The bloodbath is resuming on Wednesday. After recording gains of 2.7% in the previous session, the FTSE is plunging lower in early trade as the Chancellor’s blowout bailout has failed to maintain any level of positivity in the markets.
Chancellor Rushi Sunak announced a £330 billion rescue package to help struggling businesses cope with the economic impact of coronavirus. The bailout package aims to keep Britain afloat and offers a lifeline to those businesses that the governments stricter social distancing, isolation and quarantine measures will negatively impact.
Consumption will drop severely as people stay in their homes. Restaurants, shops and pubs will be hard hit so the Government announced a one-year break from business rates, as well as government grants of up to $25,000 will help to alleviate the pain. Banks have also agreed to give struggling customers a mortgage holiday of up to three months. An additional support package for the badly hit airlines will be announced in the coming days.

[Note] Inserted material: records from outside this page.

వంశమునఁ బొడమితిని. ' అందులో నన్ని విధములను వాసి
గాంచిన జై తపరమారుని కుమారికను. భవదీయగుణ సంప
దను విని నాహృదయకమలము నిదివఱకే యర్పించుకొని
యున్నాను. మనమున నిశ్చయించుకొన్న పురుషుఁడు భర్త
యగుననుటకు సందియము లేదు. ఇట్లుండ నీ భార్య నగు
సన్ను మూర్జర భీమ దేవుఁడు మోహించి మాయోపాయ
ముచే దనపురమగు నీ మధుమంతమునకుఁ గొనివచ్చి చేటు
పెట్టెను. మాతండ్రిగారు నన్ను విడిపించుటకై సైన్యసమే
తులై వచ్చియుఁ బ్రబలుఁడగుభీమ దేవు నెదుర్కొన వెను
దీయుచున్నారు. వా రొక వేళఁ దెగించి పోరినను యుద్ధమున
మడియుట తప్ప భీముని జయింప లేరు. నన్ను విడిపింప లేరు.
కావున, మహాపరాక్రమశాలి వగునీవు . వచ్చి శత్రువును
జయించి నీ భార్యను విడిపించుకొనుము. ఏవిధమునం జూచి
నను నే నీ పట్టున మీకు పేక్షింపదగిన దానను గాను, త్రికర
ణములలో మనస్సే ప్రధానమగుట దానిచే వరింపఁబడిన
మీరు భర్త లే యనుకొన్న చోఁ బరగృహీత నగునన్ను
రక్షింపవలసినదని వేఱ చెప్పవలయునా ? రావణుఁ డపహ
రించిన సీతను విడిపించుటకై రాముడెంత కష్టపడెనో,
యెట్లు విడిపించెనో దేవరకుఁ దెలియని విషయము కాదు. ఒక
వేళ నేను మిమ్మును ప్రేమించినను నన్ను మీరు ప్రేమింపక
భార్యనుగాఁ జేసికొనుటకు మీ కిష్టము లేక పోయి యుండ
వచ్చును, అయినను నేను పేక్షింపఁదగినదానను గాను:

Yet despite Chancellor Rishi Sunak’s colossal bailout package the markets’ response is very concerning. The fact that the FTSE has failed to hold onto any of the gains quite simply suggests that this is not enough. There needs to be a coordinate global response, which up to now hasn’t happened. As a result, the markets are vulnerable to further fallout.
What next?
Eyes are now turning to the European Stability Mechanism and what more the White House can bring to the table.
With fear driving the markets and coronavirus numbers escalating, there is a good chance that this overly bearish picture won’t show any signs of improvement until the coronavirus numbers themselves start to improve.
Levels to watch
The FTSE is trading down 3.9% at 5088 the time of writing. It trades below 50,100 and 200 sma on 4-hour chart, a bearish chart.
The price found support for a second straight session just shy of 5000. Immediate support is at 4996 (today’s low), prior to 4987 (yesterday’s low) before 4840 (16th March low).
Resistance can be seen at 5370 (yesterday’s high) A break above this level is needed to negate short term bearish trend. Resistance is then seen at 5700 (13th March high).